((

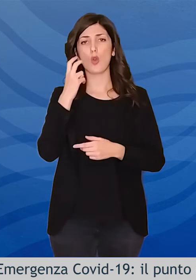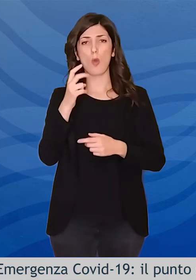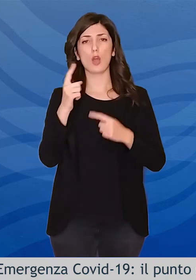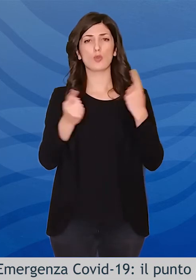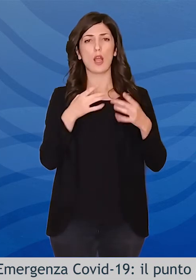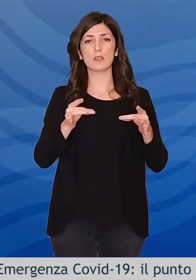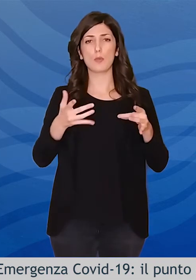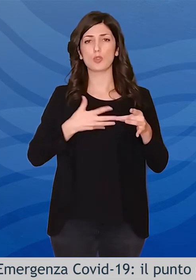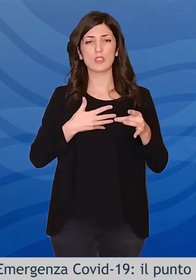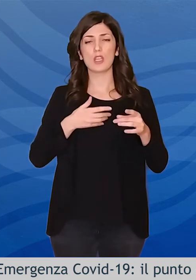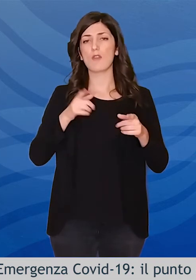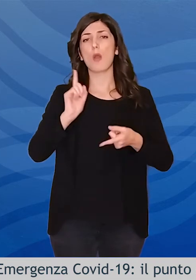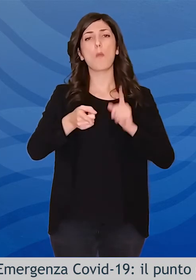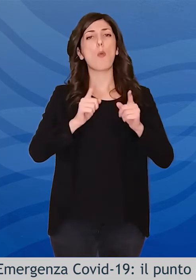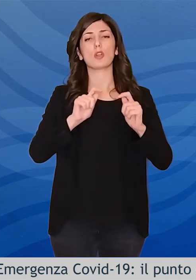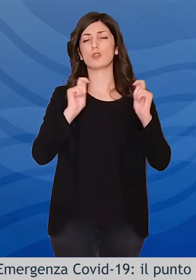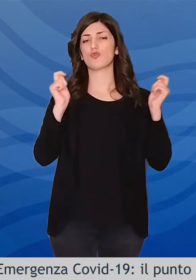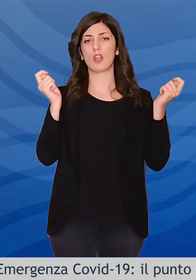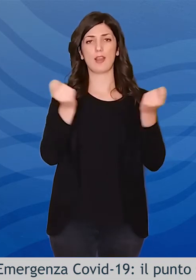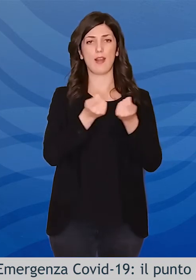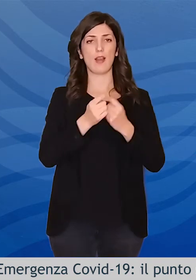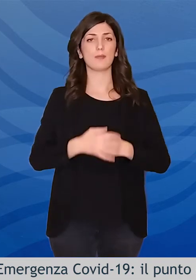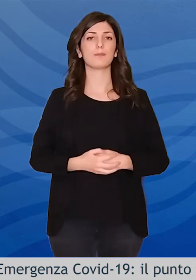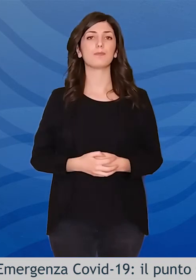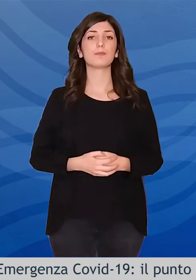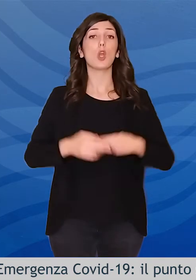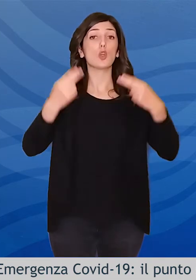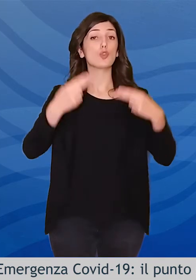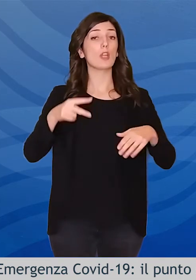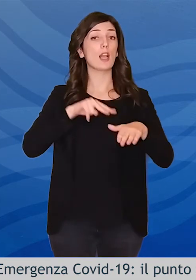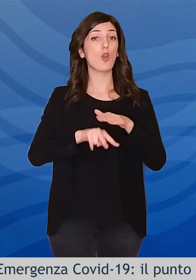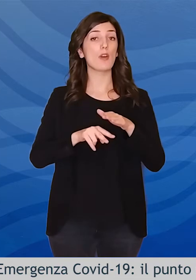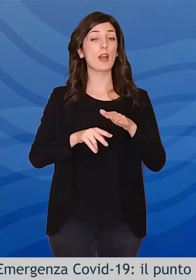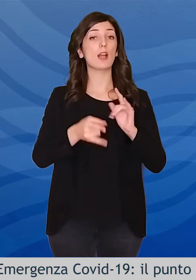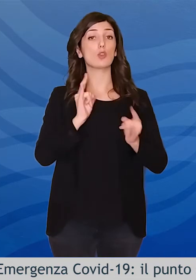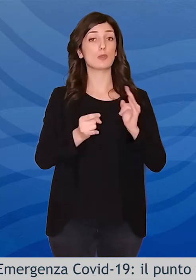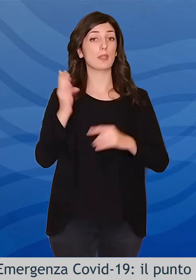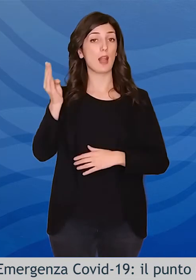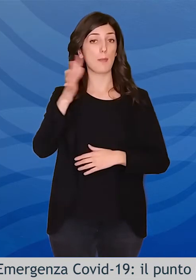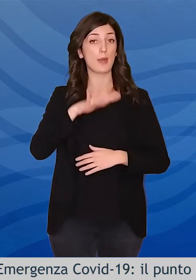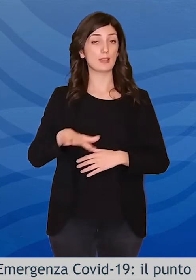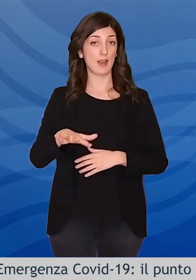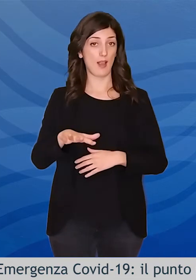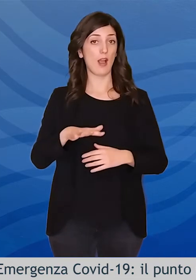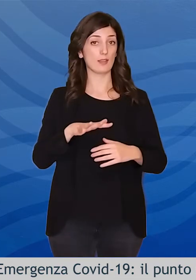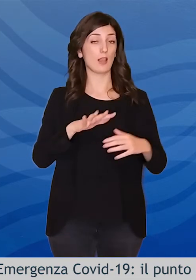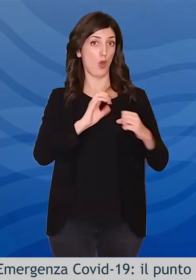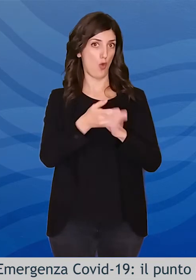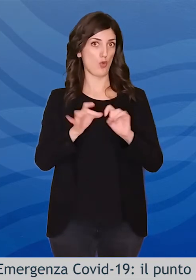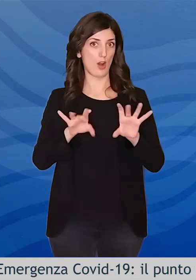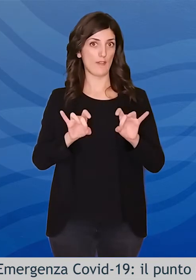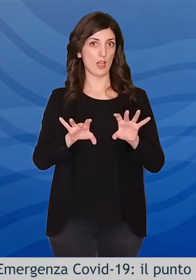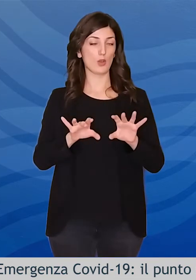positività della popolazione generale. Il totale dei ricoverati presso strutture ospedaliere Lucane Covid dedicate
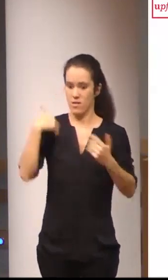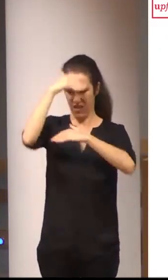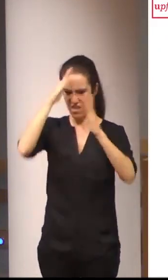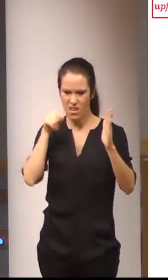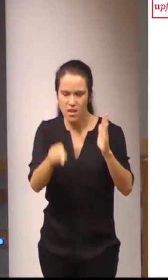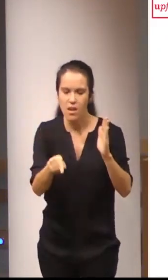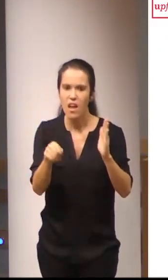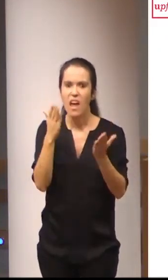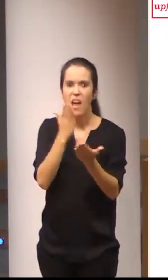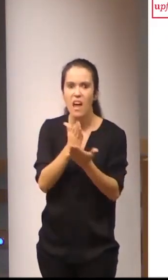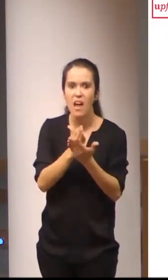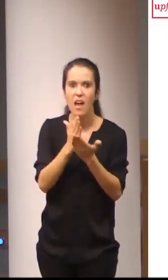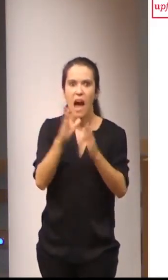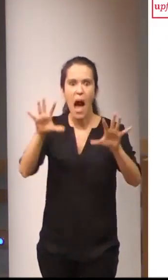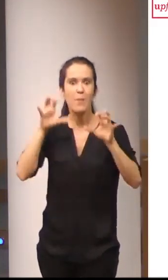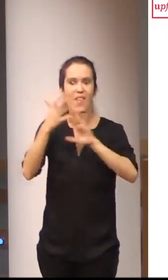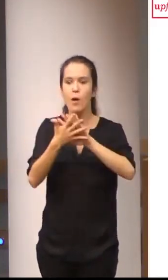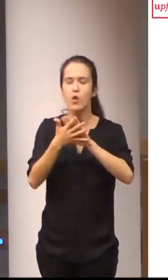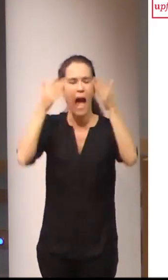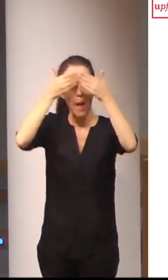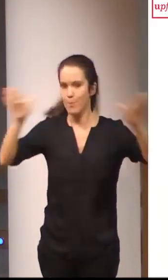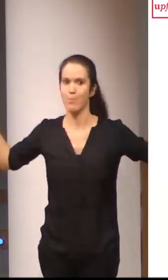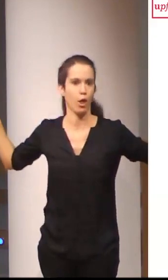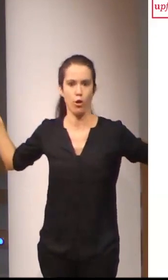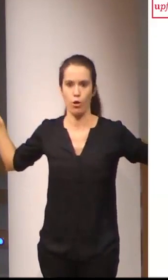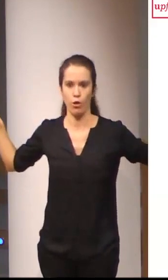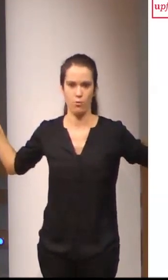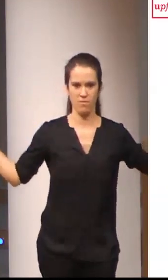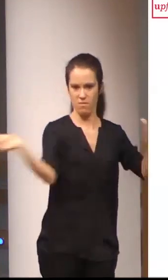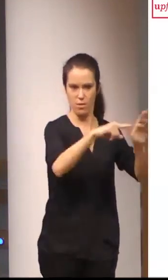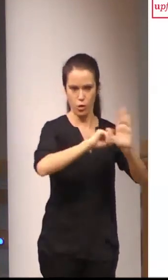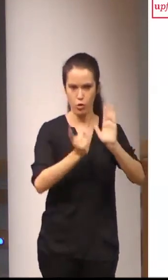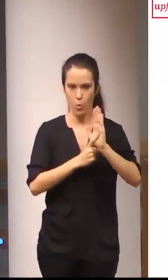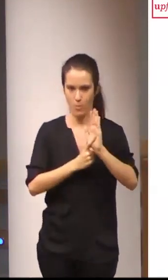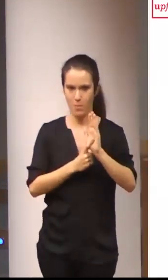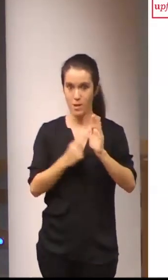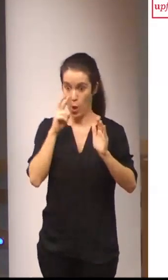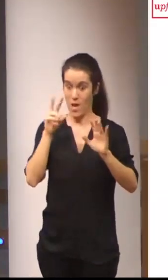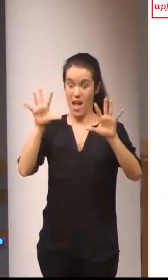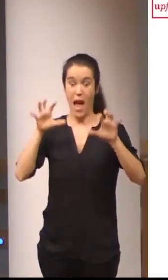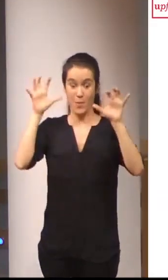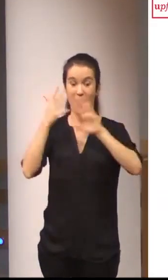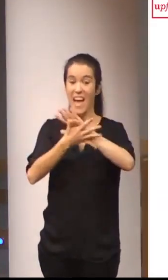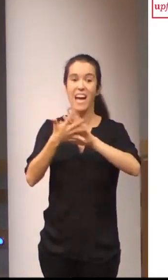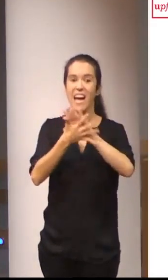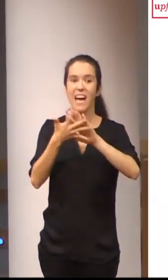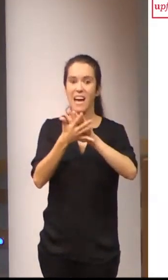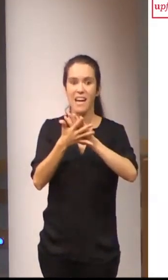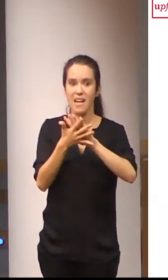del aprendizaje de las lenguas de signos de forma amplia que este aprendizaje de las lenguas de signos está
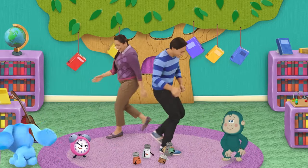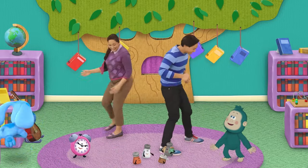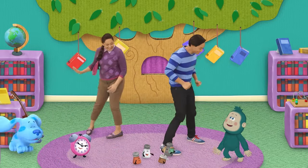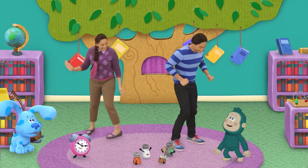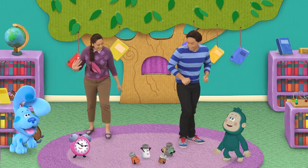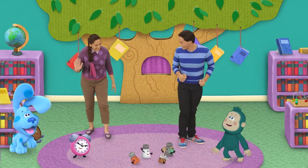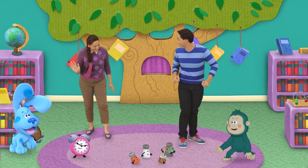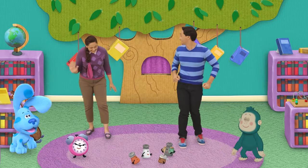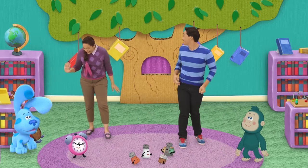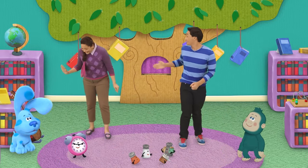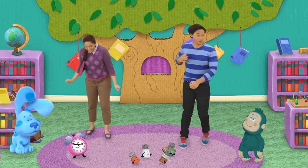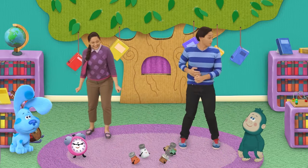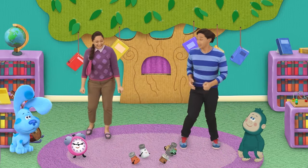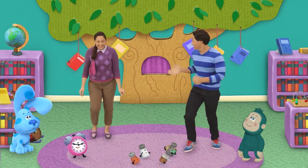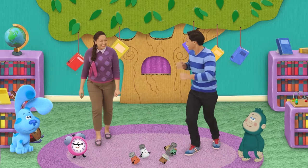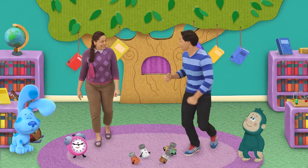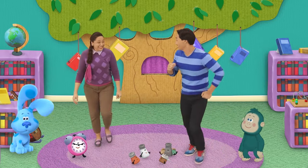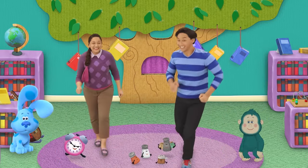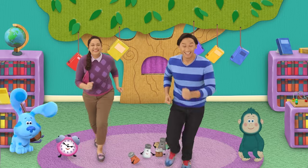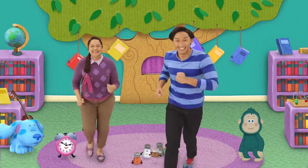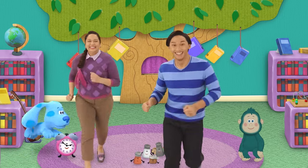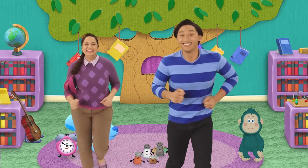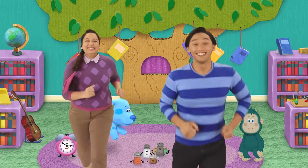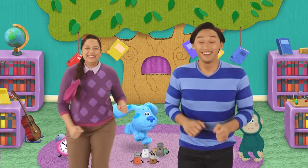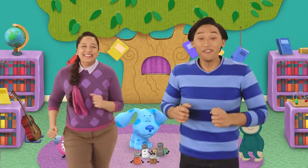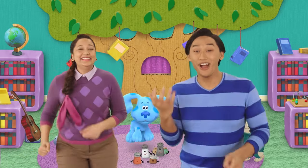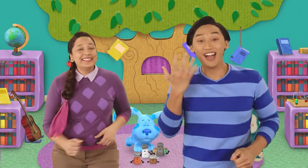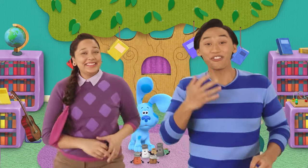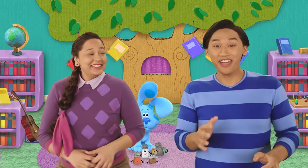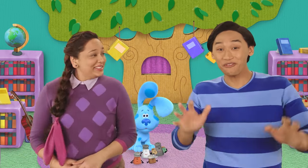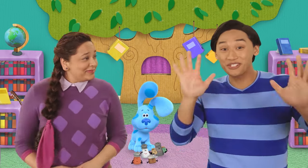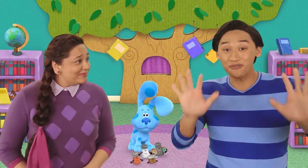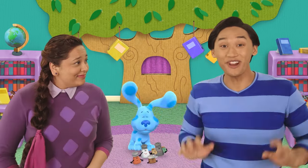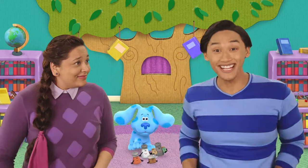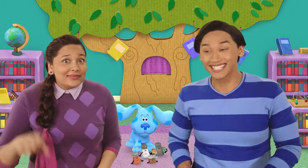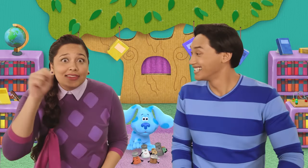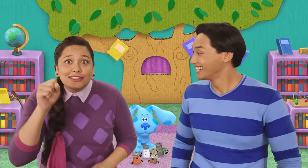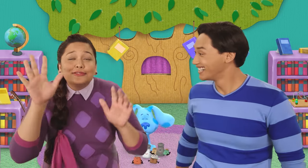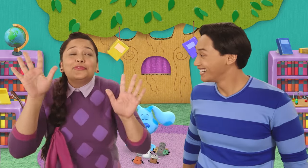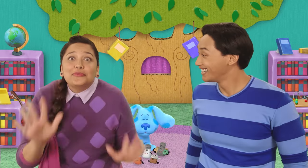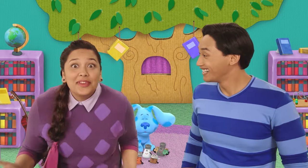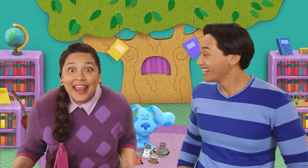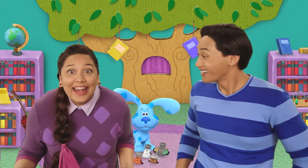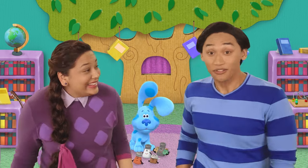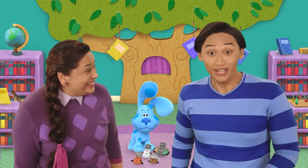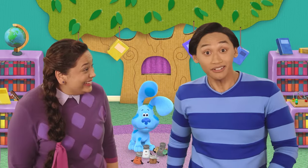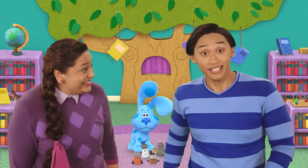¡Volvieron! ¡Me encanta este cuento! ¡Vamos! ¡Guau! ¡Eso fue fantástico! ¡En serio!

))

■ Problem statement
Skipping any pictures, transcribe the full listing exactly.

■ Answer to the exercise
positività della popolazione generale. Il totale dei ricoverati presso strutture ospedaliere Lucane Covid dedicate
del aprendizaje de las lenguas de signos de forma amplia que este aprendizaje de las lenguas de signos está
¡Volvieron! ¡Me encanta este cuento! ¡Vamos! ¡Guau! ¡Eso fue fantástico! ¡En serio!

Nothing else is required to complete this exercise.